=== Instructions to follow ===
Among the entries below, find the line with "What would you call the object in the box [548,429,561,439]?", then quote it and each following line up to and including the line with "What object spans [0,375,127,411]?", and nothing else.

------ Extracted data ------

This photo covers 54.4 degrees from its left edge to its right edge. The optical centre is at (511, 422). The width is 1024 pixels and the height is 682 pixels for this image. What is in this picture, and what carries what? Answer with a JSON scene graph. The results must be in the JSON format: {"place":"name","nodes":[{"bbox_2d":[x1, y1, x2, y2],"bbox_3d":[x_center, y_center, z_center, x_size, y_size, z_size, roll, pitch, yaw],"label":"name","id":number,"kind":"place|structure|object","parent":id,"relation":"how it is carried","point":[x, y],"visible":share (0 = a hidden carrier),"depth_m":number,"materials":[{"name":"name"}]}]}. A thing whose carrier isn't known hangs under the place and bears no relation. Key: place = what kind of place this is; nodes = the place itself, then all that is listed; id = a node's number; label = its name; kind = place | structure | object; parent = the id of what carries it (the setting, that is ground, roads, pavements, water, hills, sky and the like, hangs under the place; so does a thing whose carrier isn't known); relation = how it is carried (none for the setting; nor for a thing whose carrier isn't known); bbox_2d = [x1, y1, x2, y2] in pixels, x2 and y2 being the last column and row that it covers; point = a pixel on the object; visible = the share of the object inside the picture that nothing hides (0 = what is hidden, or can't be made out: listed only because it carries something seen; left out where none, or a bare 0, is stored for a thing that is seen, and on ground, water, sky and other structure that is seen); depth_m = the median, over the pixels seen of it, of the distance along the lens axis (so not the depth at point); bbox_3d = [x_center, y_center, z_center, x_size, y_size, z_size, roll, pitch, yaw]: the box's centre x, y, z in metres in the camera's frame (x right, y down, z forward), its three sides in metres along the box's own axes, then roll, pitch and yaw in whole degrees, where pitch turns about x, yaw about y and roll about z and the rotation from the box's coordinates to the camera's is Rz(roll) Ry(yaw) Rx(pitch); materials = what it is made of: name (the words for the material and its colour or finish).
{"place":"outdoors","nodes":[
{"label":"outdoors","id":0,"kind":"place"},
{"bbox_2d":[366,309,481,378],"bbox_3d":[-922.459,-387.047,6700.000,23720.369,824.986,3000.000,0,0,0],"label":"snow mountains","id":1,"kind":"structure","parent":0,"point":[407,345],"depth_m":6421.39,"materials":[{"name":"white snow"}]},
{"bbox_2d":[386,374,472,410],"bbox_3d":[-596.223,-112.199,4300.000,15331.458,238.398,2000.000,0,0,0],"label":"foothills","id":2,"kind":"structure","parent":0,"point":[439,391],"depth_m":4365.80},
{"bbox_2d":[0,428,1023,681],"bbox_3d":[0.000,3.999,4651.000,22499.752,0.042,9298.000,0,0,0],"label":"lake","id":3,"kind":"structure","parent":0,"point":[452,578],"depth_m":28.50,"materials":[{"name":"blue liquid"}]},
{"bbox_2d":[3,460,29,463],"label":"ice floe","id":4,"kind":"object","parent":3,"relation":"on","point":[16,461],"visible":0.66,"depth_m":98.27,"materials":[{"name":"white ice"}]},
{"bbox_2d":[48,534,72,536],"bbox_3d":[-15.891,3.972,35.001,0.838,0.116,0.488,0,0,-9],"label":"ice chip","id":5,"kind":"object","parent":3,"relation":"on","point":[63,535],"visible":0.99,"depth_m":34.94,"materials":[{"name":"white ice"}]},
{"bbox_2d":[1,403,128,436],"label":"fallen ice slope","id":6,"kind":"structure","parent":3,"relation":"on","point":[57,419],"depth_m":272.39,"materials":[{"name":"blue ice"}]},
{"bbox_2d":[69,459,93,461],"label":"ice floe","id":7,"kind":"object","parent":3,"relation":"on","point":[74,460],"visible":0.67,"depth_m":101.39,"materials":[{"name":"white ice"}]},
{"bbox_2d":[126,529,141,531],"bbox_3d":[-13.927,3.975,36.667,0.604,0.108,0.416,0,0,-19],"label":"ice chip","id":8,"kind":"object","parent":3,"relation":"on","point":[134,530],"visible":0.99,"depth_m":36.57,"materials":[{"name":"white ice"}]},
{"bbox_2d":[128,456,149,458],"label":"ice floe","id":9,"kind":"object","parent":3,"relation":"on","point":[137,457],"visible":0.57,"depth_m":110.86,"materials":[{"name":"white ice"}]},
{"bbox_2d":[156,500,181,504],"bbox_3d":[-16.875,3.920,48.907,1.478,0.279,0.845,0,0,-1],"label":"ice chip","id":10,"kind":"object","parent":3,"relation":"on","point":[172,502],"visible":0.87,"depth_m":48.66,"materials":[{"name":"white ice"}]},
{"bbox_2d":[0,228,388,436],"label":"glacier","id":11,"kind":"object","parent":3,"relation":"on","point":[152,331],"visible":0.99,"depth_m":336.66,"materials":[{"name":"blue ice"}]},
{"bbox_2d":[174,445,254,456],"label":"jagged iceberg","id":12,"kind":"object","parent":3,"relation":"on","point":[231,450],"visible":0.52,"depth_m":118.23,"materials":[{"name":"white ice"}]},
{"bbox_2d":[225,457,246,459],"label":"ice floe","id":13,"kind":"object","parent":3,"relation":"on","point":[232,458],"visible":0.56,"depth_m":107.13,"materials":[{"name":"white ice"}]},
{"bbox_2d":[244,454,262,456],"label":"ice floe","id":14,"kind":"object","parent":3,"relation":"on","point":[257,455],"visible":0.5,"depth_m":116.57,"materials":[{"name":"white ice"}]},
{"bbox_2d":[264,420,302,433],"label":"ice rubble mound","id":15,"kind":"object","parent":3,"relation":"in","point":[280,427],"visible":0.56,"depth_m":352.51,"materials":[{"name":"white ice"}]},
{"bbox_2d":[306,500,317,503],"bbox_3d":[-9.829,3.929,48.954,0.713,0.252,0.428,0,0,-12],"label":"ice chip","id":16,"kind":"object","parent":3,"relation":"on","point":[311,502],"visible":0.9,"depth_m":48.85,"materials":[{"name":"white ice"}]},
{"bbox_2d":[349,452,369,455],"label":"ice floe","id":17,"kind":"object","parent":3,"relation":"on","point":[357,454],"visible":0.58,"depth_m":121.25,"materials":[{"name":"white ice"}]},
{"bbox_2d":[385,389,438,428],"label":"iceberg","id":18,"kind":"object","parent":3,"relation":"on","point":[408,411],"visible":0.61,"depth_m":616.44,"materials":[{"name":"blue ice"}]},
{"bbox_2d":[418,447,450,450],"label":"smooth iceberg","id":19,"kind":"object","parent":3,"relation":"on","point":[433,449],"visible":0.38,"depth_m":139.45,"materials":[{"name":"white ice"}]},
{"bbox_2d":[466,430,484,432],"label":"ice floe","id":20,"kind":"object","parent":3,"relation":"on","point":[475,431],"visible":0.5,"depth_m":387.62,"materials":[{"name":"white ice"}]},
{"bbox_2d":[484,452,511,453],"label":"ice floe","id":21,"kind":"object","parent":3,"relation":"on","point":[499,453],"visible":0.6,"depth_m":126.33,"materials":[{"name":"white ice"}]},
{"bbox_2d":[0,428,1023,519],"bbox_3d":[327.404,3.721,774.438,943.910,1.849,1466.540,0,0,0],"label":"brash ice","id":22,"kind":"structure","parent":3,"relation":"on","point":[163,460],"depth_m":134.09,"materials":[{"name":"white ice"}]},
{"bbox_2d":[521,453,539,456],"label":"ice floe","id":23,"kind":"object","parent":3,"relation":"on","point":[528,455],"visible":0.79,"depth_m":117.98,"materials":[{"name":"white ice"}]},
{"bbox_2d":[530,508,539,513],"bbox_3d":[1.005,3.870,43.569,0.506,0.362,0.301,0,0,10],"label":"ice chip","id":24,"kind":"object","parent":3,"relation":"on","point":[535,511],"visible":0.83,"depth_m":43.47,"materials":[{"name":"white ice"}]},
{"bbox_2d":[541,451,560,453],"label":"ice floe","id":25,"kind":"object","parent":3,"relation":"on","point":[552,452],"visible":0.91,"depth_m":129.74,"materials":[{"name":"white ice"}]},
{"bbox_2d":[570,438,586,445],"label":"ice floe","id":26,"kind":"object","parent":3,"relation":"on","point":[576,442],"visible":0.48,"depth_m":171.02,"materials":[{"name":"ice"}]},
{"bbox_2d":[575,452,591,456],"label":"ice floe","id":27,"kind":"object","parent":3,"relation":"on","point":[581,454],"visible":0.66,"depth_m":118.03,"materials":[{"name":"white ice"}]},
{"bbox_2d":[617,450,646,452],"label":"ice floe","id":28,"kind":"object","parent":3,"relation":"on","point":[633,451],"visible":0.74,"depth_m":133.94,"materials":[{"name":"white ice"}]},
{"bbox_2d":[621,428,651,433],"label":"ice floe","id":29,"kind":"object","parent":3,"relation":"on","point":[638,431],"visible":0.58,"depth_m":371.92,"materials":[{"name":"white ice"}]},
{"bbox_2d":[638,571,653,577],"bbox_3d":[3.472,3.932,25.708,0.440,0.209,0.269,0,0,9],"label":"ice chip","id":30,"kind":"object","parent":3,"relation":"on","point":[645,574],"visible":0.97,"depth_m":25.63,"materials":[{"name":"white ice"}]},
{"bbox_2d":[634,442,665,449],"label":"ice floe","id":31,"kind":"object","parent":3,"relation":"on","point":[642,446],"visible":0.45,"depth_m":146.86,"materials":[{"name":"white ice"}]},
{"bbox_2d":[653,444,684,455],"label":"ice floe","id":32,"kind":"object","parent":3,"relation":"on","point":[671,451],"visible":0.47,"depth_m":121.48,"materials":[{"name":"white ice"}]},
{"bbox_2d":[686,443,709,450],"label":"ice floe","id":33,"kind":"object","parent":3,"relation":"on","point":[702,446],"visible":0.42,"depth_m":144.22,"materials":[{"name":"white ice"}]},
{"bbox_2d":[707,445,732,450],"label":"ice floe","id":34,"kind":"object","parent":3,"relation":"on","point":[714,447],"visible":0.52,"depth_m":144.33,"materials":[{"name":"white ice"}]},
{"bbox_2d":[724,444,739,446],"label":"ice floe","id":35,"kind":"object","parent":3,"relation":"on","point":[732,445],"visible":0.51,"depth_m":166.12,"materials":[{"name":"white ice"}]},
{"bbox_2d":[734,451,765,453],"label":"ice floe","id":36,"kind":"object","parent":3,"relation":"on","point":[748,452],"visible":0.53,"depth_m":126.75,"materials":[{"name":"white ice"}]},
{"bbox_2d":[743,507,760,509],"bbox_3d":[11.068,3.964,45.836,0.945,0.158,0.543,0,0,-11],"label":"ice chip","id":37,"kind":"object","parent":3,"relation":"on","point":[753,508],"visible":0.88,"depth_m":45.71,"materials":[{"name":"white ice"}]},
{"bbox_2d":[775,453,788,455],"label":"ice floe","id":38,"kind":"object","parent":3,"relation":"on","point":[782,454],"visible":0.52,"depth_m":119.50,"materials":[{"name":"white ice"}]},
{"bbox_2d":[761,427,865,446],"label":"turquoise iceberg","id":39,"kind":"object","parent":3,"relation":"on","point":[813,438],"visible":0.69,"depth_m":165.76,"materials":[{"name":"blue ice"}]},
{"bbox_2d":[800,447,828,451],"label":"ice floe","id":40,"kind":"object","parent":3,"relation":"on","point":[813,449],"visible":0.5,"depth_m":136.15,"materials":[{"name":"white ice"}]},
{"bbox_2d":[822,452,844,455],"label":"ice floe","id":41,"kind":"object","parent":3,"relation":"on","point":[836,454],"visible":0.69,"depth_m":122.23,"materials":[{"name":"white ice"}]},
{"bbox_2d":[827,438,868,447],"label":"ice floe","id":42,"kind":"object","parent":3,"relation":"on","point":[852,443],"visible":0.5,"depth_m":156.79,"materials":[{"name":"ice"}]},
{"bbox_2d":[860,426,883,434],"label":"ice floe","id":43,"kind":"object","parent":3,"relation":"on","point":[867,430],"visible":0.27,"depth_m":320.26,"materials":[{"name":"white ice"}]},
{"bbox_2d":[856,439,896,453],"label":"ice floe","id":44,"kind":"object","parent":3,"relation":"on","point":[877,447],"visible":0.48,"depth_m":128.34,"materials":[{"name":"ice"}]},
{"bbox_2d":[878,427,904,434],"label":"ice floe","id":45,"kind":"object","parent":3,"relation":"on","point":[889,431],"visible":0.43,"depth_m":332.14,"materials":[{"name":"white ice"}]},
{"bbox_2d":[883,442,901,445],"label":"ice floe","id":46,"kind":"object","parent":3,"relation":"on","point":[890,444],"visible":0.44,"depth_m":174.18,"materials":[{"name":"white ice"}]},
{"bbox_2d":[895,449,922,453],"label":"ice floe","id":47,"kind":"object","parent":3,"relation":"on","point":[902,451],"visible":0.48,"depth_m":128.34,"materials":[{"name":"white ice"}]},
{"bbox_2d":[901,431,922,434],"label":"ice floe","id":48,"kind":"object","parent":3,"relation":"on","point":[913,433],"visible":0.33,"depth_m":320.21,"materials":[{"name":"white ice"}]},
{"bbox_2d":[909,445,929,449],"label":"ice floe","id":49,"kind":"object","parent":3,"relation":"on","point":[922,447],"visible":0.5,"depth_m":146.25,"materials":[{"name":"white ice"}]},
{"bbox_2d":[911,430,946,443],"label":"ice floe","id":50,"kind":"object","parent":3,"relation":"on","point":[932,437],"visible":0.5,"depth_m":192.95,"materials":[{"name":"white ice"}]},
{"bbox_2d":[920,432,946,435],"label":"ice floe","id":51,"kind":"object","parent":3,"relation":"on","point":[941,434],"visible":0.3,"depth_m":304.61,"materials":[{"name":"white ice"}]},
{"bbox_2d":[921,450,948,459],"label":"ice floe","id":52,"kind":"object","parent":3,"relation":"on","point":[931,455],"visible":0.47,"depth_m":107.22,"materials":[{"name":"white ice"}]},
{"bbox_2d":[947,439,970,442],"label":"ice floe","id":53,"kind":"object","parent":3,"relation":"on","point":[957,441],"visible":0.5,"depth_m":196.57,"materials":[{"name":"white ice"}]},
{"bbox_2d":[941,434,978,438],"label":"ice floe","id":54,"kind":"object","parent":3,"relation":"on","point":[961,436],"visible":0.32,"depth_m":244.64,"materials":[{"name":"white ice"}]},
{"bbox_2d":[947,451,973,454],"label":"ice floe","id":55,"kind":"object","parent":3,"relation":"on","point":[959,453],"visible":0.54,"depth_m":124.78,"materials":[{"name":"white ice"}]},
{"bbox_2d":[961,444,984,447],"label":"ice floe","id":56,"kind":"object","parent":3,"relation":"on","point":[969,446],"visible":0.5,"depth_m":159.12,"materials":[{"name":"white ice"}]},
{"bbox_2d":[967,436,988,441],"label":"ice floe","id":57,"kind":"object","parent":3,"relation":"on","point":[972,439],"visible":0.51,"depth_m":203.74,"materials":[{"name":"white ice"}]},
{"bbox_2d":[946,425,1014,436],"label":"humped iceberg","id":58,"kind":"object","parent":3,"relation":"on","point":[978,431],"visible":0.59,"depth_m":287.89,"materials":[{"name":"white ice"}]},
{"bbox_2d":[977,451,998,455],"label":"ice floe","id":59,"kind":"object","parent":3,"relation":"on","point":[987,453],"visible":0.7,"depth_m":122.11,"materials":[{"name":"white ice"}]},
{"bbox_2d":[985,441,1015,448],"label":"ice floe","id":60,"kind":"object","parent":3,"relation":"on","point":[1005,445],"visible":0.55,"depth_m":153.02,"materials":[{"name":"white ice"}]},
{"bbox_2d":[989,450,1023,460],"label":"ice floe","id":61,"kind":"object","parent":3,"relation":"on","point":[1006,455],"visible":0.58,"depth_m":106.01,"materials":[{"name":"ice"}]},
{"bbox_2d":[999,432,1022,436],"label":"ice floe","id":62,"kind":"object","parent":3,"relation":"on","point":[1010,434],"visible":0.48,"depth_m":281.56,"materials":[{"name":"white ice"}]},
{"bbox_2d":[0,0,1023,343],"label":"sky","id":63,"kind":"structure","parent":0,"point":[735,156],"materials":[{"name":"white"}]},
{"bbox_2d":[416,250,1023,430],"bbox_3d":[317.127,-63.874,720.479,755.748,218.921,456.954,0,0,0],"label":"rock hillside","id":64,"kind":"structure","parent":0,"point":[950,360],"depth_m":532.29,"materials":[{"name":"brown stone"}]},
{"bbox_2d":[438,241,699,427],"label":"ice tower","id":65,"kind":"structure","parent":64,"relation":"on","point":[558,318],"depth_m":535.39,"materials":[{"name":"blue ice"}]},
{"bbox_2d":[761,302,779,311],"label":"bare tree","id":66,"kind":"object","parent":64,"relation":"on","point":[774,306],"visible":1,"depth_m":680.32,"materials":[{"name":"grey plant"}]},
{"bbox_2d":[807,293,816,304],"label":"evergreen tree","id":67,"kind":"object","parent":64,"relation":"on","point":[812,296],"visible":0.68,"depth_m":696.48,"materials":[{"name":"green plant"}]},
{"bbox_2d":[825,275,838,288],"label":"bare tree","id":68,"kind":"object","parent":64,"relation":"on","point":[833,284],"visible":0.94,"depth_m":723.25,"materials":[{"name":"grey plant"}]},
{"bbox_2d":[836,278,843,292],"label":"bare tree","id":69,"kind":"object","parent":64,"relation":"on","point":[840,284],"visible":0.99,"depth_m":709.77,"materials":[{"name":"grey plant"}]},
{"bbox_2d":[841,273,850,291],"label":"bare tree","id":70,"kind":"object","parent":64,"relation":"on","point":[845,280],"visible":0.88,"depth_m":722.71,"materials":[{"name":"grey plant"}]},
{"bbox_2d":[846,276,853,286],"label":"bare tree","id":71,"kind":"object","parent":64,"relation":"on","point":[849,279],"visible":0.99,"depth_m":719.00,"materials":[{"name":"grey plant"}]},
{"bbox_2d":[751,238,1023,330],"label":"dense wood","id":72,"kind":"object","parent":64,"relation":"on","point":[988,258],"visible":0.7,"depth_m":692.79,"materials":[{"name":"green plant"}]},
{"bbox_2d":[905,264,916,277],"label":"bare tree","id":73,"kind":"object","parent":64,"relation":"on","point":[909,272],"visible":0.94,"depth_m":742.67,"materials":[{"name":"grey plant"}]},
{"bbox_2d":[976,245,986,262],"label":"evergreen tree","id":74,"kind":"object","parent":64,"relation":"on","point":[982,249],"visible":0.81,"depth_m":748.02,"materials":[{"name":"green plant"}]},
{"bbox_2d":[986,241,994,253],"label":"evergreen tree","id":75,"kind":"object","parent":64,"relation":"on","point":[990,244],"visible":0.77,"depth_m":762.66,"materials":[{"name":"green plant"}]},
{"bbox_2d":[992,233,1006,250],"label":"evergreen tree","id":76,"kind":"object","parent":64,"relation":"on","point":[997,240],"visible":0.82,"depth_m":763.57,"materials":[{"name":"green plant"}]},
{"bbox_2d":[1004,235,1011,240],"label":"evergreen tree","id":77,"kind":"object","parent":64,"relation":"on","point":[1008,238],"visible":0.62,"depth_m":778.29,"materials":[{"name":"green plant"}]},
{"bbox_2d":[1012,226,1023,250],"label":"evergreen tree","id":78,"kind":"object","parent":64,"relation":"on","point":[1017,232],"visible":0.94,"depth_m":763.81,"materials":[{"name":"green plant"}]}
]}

------
------ Extracted data ------

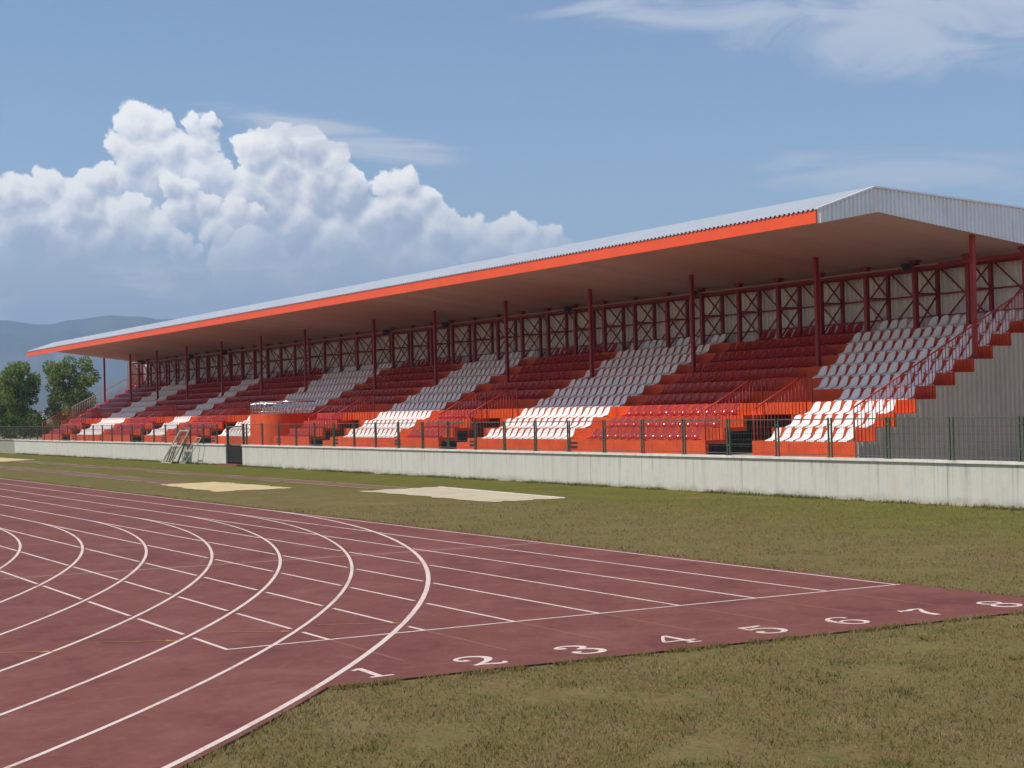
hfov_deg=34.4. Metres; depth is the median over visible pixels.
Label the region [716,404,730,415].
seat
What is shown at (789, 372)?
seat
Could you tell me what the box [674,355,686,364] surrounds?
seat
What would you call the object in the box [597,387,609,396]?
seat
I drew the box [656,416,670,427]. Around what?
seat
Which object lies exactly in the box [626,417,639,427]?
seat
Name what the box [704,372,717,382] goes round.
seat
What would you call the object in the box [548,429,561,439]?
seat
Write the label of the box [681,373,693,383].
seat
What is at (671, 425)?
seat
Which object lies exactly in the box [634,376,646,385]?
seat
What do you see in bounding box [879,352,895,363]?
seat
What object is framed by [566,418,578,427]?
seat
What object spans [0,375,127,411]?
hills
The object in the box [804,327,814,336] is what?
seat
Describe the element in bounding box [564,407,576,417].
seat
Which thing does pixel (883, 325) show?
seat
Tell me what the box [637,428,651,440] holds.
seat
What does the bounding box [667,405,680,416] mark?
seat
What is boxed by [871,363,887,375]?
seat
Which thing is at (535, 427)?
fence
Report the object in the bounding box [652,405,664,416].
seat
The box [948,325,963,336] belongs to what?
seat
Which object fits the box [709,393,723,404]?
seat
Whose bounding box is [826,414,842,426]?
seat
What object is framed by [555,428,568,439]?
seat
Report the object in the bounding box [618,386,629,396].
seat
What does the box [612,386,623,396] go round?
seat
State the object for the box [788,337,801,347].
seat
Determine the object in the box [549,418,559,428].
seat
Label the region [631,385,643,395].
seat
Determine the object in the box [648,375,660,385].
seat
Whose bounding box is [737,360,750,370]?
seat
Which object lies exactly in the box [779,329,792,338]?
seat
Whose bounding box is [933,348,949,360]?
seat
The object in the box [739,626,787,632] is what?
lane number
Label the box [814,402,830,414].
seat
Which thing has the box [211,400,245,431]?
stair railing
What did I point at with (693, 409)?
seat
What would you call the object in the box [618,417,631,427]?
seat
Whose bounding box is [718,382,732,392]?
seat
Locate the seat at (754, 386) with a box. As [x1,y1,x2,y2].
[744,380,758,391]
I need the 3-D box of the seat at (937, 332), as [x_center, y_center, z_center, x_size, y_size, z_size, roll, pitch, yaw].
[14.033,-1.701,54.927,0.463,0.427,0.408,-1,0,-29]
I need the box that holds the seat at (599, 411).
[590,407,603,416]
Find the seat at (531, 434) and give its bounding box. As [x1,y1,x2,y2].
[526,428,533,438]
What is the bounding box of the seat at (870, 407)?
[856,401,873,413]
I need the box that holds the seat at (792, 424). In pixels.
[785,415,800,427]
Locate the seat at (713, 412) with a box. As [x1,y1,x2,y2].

------

=== Exercise solution ===
What would you call the object in the box [548,429,561,439]?
seat
Write the label of the box [681,373,693,383].
seat
What is at (671, 425)?
seat
Which object lies exactly in the box [634,376,646,385]?
seat
What do you see in bounding box [879,352,895,363]?
seat
What object is framed by [566,418,578,427]?
seat
What object spans [0,375,127,411]?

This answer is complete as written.